Vukovi Save Live Music @ Rescue Rooms

Vukovi performing at Rescue Rooms in Nottingham. Photo by Carrie-Anne Pollard

It’s the first time since February last year that I have stepped foot in a concert, so tonight is both exciting and a long time coming.

Unfortunately due to the early door time, Delaire The Liar were just wrapping up as I head to the front of the room, but the 30 seconds I caught sounded great.

Next up are main support Press To MECO, who cut any chit chatter and storm straight into song after song – they probably missed playing as much as we missed listening. Guitarist Luke Caley and bassist Jake Crawford make full use of the stage, pacing around whenever they’re not on vocal duty. The three piece, rounded off with drummer Lewis Williams, all lend their voices to the songs, which blend together brilliantly in songs such as set stand outs ‘A Test Of Our Resolve’ and the rifftastic ‘Gold’. For set closer ‘Sabotage’ the crowd get all warmed up for Vukovi with the old crouch down / jump up / go wild routine. Press To MECO manage to blend beautiful harmonies, crushing riffs and mathcore intricacies, and are definitely ones to look out for.

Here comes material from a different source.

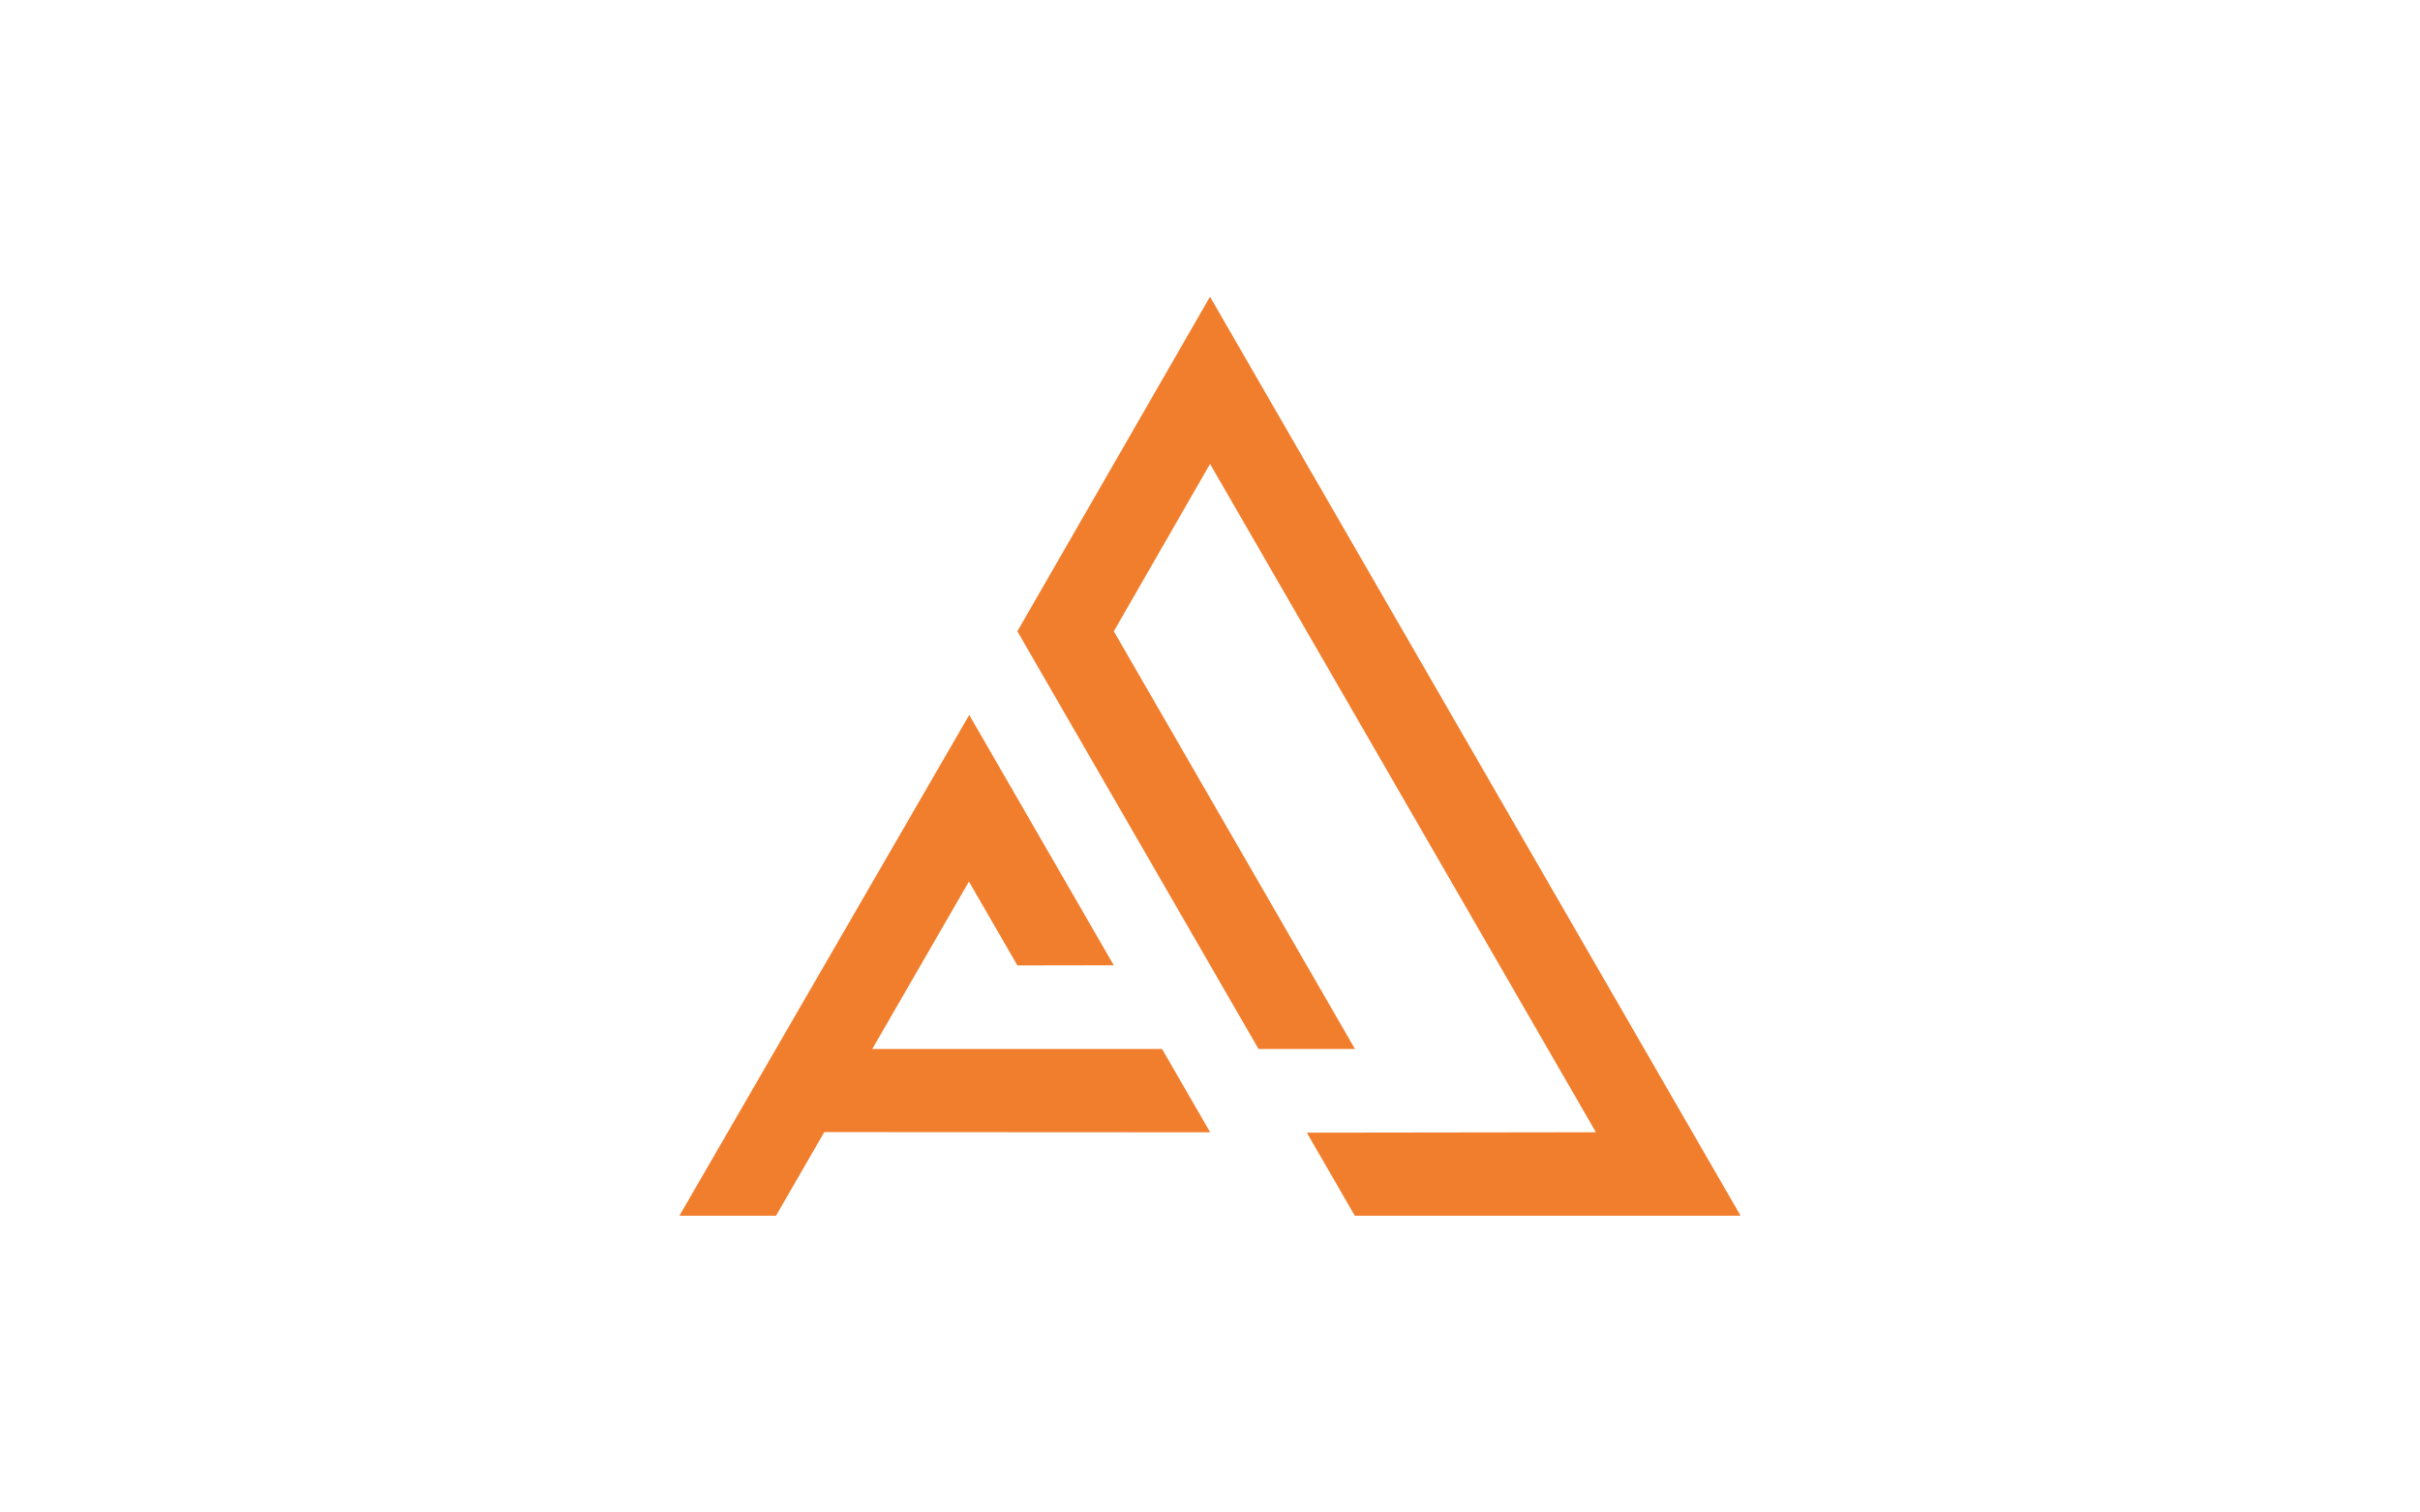 <svg xmlns="http://www.w3.org/2000/svg" id="Layer_1" data-name="Layer 1" viewBox="0 0 1280 800"><defs><style>.cls-1{fill:#f17e2d;}</style></defs><polygon class="cls-1" points="461.37 554.84 512.5 466.27 538.12 510.64 589.1 510.56 512.65 378.15 359.35 643.05 410.43 643.05 435.98 598.8 640.1 598.91 614.65 554.84 461.37 554.84"></polygon><polygon class="cls-1" points="640 156.95 538.11 333.91 665.67 554.84 716.68 554.84 589.13 333.91 640.03 245.38 844.13 598.89 691.22 599.1 716.6 643.05 920.65 643.05 640 156.95"></polygon></svg>

Somewhere in between the last band ending and Vukovi beginning the crowd seems to have doubled in size, and the room has got several degrees warmer. As soon as the lights go down the roars go up, and after a slightly subdued entrance from guitarist Hamish Reilly, leading lady extraordinaire Janine Shilstone bursts onto the stage, instantly kicking into set opener ‘17359’.

There’s no stopping the two-piece, Vukovi are a thrilling band to watch live, it’s almost impossible for such charisma to radiate from only two members, yet they manage to fill the stage with their presence. ‘Hurt’ has the whole room bouncing, while ‘Play With Me’ is introduced with a ‘I best see you fucking moshing!’ by Shilstone, needless to say she wasn’t left disappointed, with a pit opening up the middle of the room.

The energy is calmed for a few slower songs ‘I’m Sorry’ and ‘Colour Me In’ being more sing-along than mosh-along, but as the set draws to a close – with no encore may I add, because they’re ‘a bit wank’ according to Shilstone– the pace picks up with ‘Run/Hide’ and closes with ‘La Di Da’, which has the whole crowd shouting along to the hook.

Vukovi always bring the energy, the songs and the moves, what a brilliant way to welcome me back to art of the live concert.